Solidarity Spiritist Societ

quarta-feira, 10 de agosto de 2011

Entrevistas

O FRANCISCO REBOUÇAS - ESPIRITISTA, APRESENTA A ENTREVISTA QUE NOS FOI CONCEDIDA POR LUIS ANJOS, DEDICADO TRABALHADOR DA SEARA ESPÍRITA EM SYDNEY, AUSTRÁLIA.
Para iniciar, gostaríamos de agradecer ao amigo LUIS ANJOS, pela gentileza em nos atender para esta entrevista.
Luis Anjos
Entrevista:
FR: FR: Meu caro amigo, como você nos definiria Luis Anjos?

R: Definiria o Luis Anjos como uma pessoa normal, simples, que encontrou através da Doutrina Espírita o conhecimento como ser imortal e a oportunidade de se aprimorar e trabalhar no seu melhoramento moral e espiritual.

FR: Caro Luis, como aconteceu o seu encontro com a doutrina espírita?

R: O primeiro encontro foi um encontro muito breve em um centro espírita em Setubal - Portugal cerca de uns 30 anos atrás derivado ao reaparecimento da faculdade mediúnica de minha esposa que na altura por falta de conhecimento relacionavamos como um problema mais de caracter nervoso. Com a ajuda de uma amiga trabalhadora desse centro fomos esclarecidos e ajudados.

No entanto a iniciação e o envolvimento propriamente dito com a Doutrina Espiríta foi aqui em Sydney à pouco mais de oito anos. Tudo começou quando não dava mais para ignorar a faculdade mediúnica dela e a necessidade de esclarecimento para a respectiva educação da faculdade. Começamos a frequentar um centro espírita e desde essa altura não mais deixamos de nos envolvermos com os estudos da Doutrina.

FR: Qual a casa espírita que você frequenta hoje?

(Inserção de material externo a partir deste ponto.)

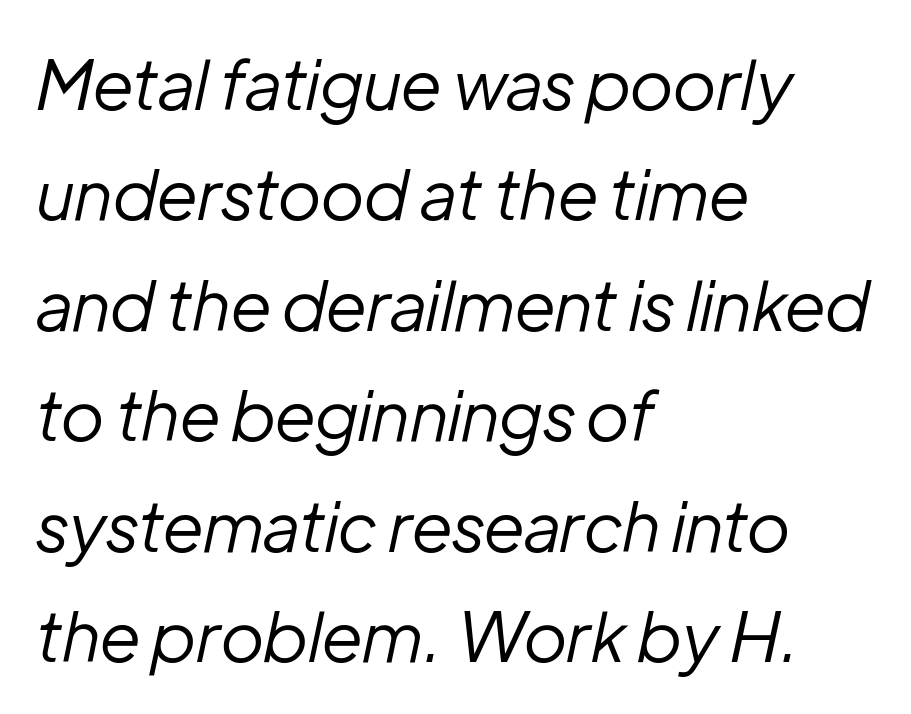
{"italic": "yes", "lean": "right", "slant_degrees": 12, "bold": "no", "weight": "regular", "width": "normal", "stroke_contrast": "low", "x_height": "medium", "monospaced": "no", "underline": "no", "align": "left", "line_spacing": "normal", "line_spacing_ratio": 1.6, "letter_spacing": "normal", "letter_spacing_em": 0.0, "glyph_px": 69}

R: Não podemos dizer que frequento uma casa espírita mas sim um grupo de estudos da Doutrina Espírita Kardecista, como o nome indica Allan Kardec Spiritist Group of Sydney – Austrália.

FR: Fale-nos da fundação da Instituição, como surgiu, seus fundadores...?

R: O Allan Kardec Spriritist Group foi fundado a 4 de Novembro de 2007 e foi registrado como organização oficial perante as leis Australianas a 14 de Novembro de 2008.

O surgimento do grupo foi derivado à necessidade de dar continuidade aos estudos da Doutrina e da prática mediunica dentro de uma base mais concistente com a Codificação do Espiritismo sendo os seus oito fundadores oriundos de outra instituição existente em Sydney.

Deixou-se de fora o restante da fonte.